- _Excerpted records_

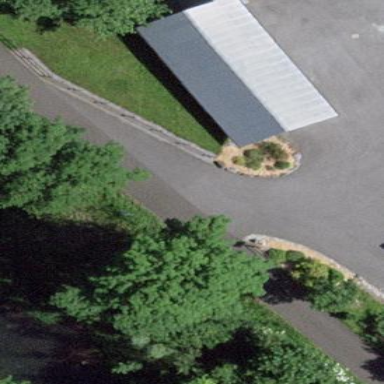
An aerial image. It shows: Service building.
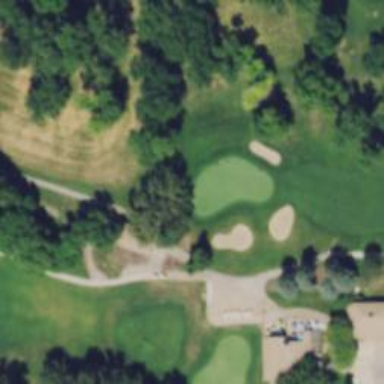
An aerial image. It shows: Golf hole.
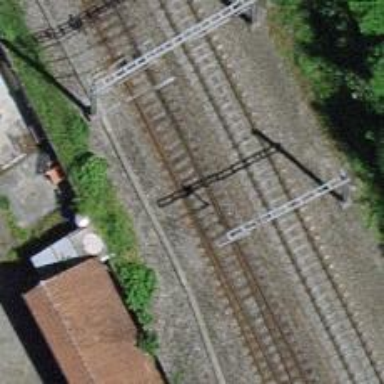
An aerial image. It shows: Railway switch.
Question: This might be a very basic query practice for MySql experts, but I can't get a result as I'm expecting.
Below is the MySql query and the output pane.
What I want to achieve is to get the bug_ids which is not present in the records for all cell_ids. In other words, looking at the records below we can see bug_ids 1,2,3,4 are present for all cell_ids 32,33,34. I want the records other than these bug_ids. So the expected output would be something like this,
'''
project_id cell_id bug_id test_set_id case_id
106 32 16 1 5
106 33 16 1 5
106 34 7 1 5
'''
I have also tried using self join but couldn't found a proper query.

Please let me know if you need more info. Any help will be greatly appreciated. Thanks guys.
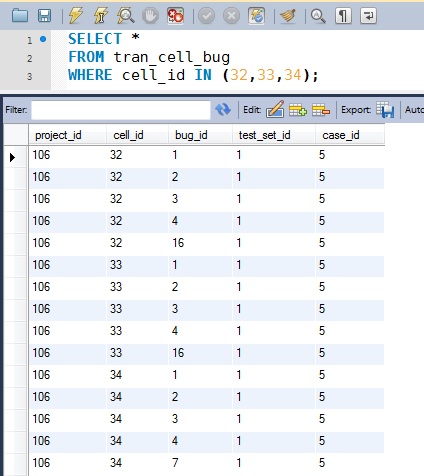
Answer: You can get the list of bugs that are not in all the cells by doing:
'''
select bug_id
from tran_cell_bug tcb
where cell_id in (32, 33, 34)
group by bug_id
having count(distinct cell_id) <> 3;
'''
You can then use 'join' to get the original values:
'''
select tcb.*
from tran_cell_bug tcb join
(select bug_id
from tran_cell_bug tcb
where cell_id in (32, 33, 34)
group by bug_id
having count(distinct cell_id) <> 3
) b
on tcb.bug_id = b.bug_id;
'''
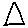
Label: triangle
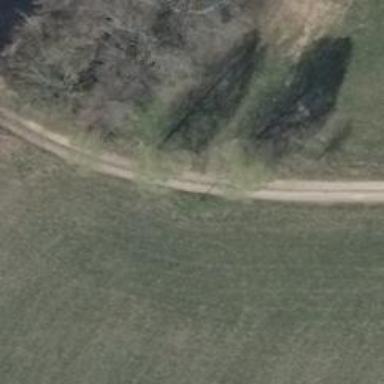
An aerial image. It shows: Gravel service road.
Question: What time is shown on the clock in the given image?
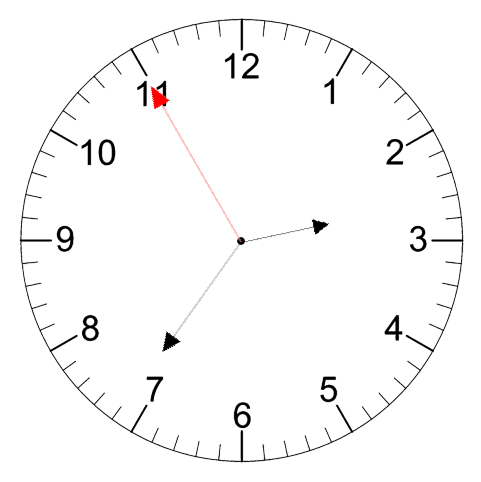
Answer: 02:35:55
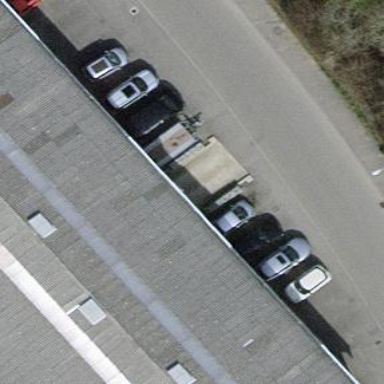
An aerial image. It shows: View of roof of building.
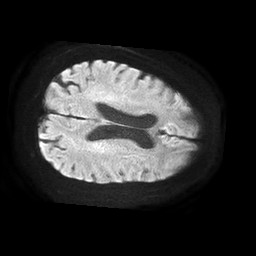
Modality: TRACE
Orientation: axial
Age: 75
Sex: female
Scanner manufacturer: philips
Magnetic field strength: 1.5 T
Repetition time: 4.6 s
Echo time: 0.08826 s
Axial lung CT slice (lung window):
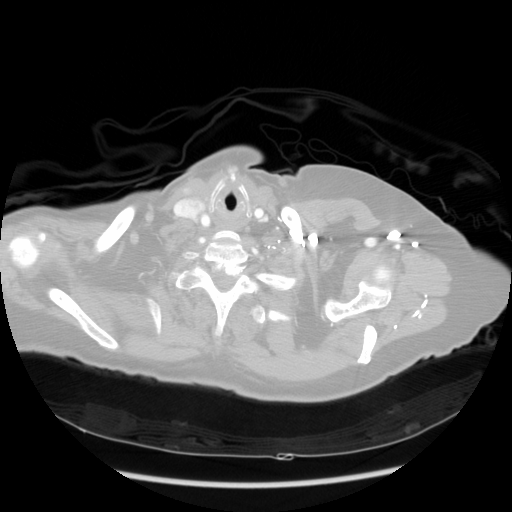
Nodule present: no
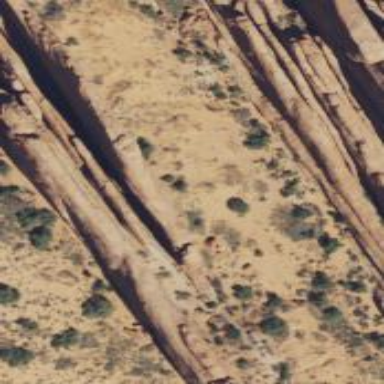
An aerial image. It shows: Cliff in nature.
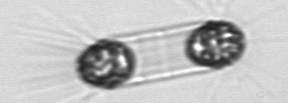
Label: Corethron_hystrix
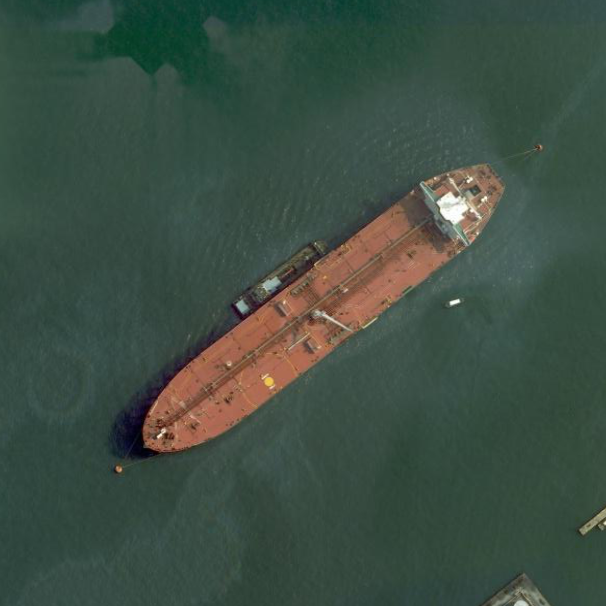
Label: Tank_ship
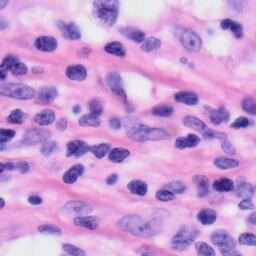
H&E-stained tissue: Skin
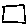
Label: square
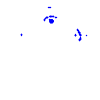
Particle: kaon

- _Task directions_
None of the pictures should appear; repeat the records exactly otherwise.

- _Response for this exercise_
An aerial image. It shows: Service building.
An aerial image. It shows: Golf hole.
An aerial image. It shows: Railway switch.
Question: This might be a very basic query practice for MySql experts, but I can't get a result as I'm expecting.
Below is the MySql query and the output pane.
What I want to achieve is to get the bug_ids which is not present in the records for all cell_ids. In other words, looking at the records below we can see bug_ids 1,2,3,4 are present for all cell_ids 32,33,34. I want the records other than these bug_ids. So the expected output would be something like this,
'''
project_id cell_id bug_id test_set_id case_id
106 32 16 1 5
106 33 16 1 5
106 34 7 1 5
'''
I have also tried using self join but couldn't found a proper query.

Please let me know if you need more info. Any help will be greatly appreciated. Thanks guys.
Answer: You can get the list of bugs that are not in all the cells by doing:
'''
select bug_id
from tran_cell_bug tcb
where cell_id in (32, 33, 34)
group by bug_id
having count(distinct cell_id) <> 3;
'''
You can then use 'join' to get the original values:
'''
select tcb.*
from tran_cell_bug tcb join
(select bug_id
from tran_cell_bug tcb
where cell_id in (32, 33, 34)
group by bug_id
having count(distinct cell_id) <> 3
) b
on tcb.bug_id = b.bug_id;
'''
Label: triangle
An aerial image. It shows: Gravel service road.
Question: What time is shown on the clock in the given image?
Answer: 02:35:55
An aerial image. It shows: View of roof of building.
Modality: TRACE
Orientation: axial
Age: 75
Sex: female
Scanner manufacturer: philips
Magnetic field strength: 1.5 T
Repetition time: 4.6 s
Echo time: 0.08826 s
Axial lung CT slice (lung window):
Nodule present: no
An aerial image. It shows: Cliff in nature.
Label: Corethron_hystrix
Label: Tank_ship
H&E-stained tissue: Skin
Label: square
Particle: kaon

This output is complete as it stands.